LAPSE:2021.0359
Published Article
LAPSE:2021.0359
Rapid Multi-Objective Optimization of Periodically Operated Processes Based on the Computer-Aided Nonlinear Frequency Response Method
Luka A. Živković, Viktor Milić, Tanja Vidaković-Koch, Menka Petkovska
May 17, 2021
The dynamic optimization of promising forced periodic processes has always been limited by time-consuming and expensive numerical calculations. The Nonlinear Frequency Response (NFR) method removes these limitations by providing excellent estimates of any process performance criteria of interest.
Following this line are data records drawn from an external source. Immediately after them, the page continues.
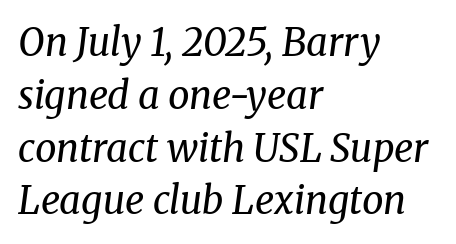
The image shows 38 px regular-weight serif type, italic (leaning right); set left-aligned, normal line spacing (1.39x), normal letter spacing, not underlined; medium stroke contrast and a medium x-height.
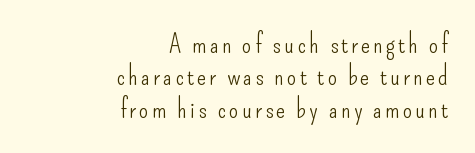
Q: Is the text bold? A: No.
Q: Is the text italic (slanted)? A: No, it is upright.
Q: Is the text underlined? A: No.
Q: How is the paragraph aligned? A: Right-aligned.
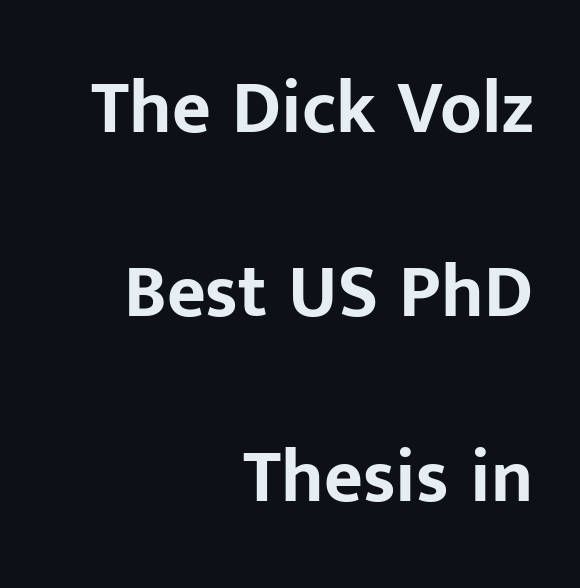
The image shows 75 px bold sans-serif type, upright; set right-aligned, loose line spacing (2.46x), normal letter spacing, not underlined; low stroke contrast and a medium x-height.
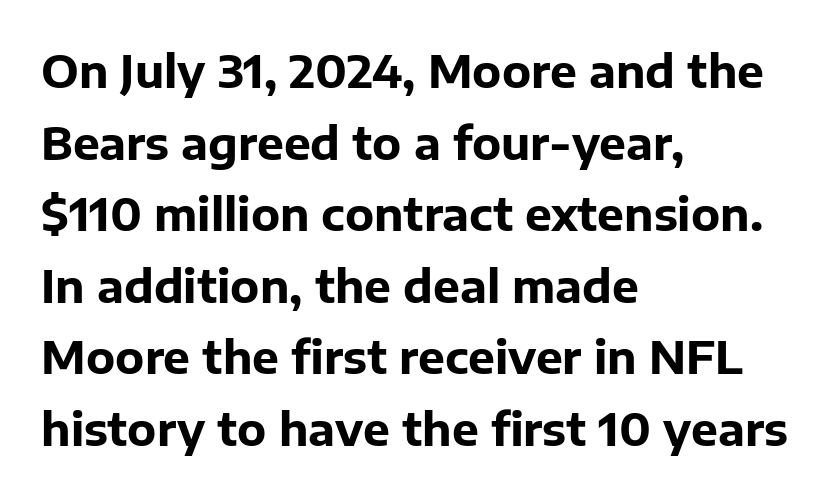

Recently, the NFR method evolved to the computer-aided NFR method (cNFR) through a user-friendly software application for the automatic derivation of the functions necessary to estimate process improvement. By combining the cNFR method with standard multi-objective optimization (MOO) techniques, we developed a unique cNFR−MOO methodology for the optimization of periodic operations in the frequency domain. Since the objective functions are defined with entirely algebraic expressions, the dynamic optimization of forced periodic operations is extraordinarily fast. All optimization parameters, i.e., the steady-state point and the forcing parameters (frequency, amplitudes, and phase difference), are determined rapidly in one step. This gives the ability to find an optimal periodic operation around a sub-optimal steady-state point. The cNFR−MOO methodology was applied to two examples and is shown as an efficient and powerful tool for finding the best forced periodic operation. In both examples, the cNFR−MOO methodology gave conditions that could greatly enhance a process that is normally operated in a steady state.
Keywords
computer-aided nonlinear frequency response, cost–benefit indicator analysis, dynamic multi-objective optimization, forced periodic regime, Process Intensification
Suggested Citation
Živković LA, Milić V, Vidaković-Koch T, Petkovska M. Rapid Multi-Objective Optimization of Periodically Operated Processes Based on the Computer-Aided Nonlinear Frequency Response Method. (2021). LAPSE:2021.0359
Author Affiliations
Živković LA: Faculty of Technology and Metallurgy, University of Belgrade, 11060 Belgrade, Serbia; Max Planck Institute for Dynamics of Complex Technical Systems, 39106 Magdeburg, Germany
Milić V: Faculty of Technology and Metallurgy, University of Belgrade, 11060 Belgrade, Serbia
Vidaković-Koch T: Max Planck Institute for Dynamics of Complex Technical Systems, 39106 Magdeburg, Germany [ORCID]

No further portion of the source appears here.